Extracted records
++++++++++
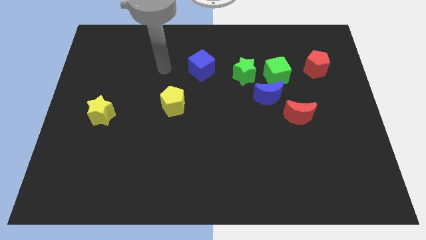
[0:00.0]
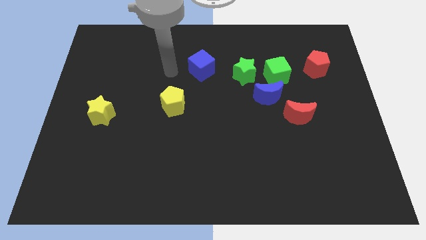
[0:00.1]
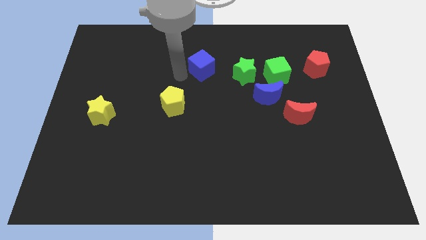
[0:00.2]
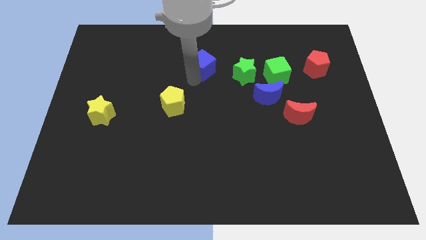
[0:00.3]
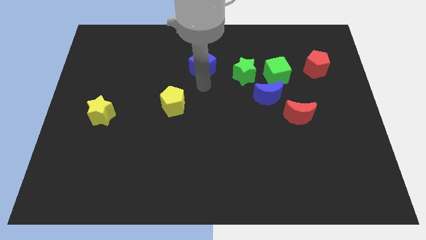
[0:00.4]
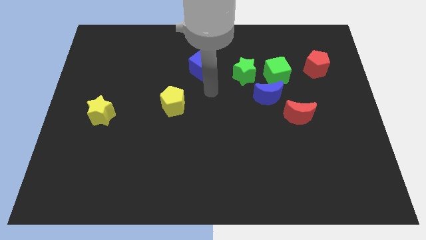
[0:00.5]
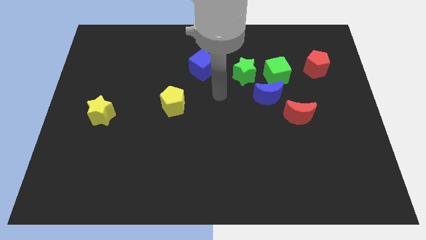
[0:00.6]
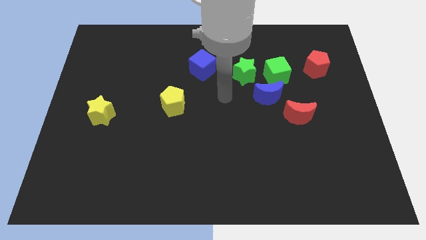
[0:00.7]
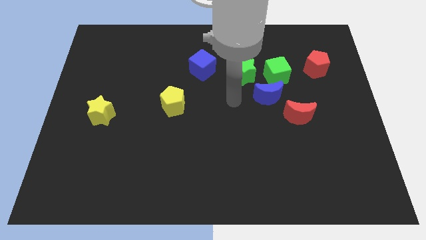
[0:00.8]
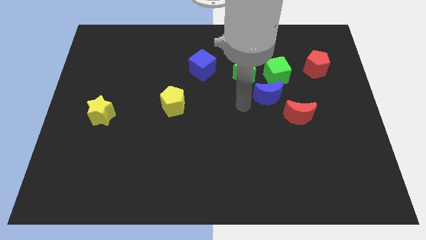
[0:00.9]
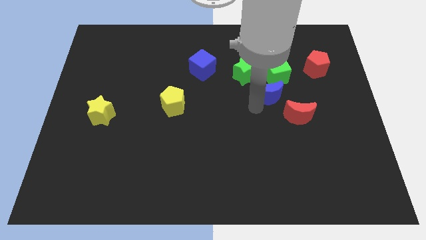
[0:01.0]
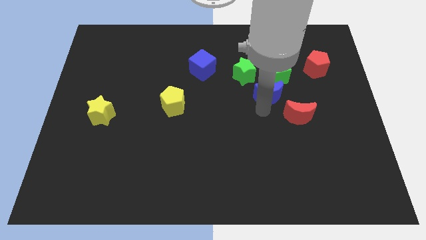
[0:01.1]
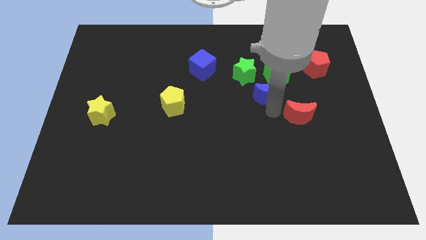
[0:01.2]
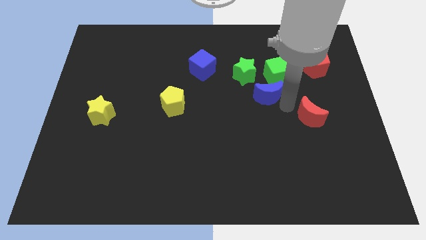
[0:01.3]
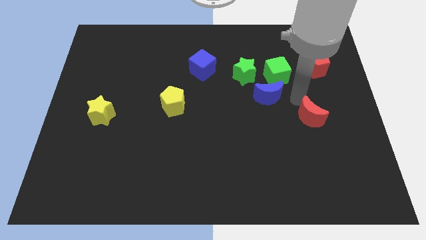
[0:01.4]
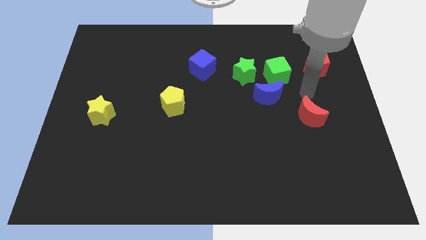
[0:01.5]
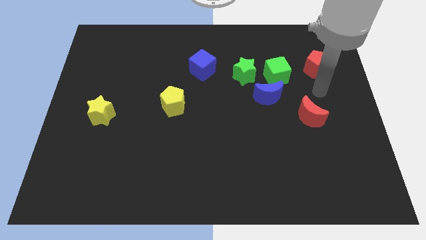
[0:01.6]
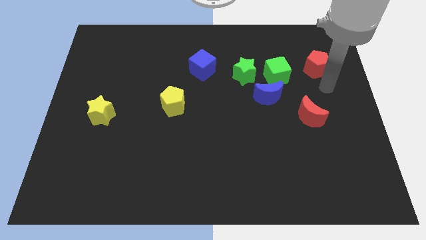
++++++++++
WHAT TO DO:
Could you write all the entries out again exactly, but without their pictures?

ANSWER AREA:
[0:00.0]
[0:00.1]
[0:00.2]
[0:00.3]
[0:00.4]
[0:00.5]
[0:00.6]
[0:00.7]
[0:00.8]
[0:00.9]
[0:01.0]
[0:01.1]
[0:01.2]
[0:01.3]
[0:01.4]
[0:01.5]
[0:01.6]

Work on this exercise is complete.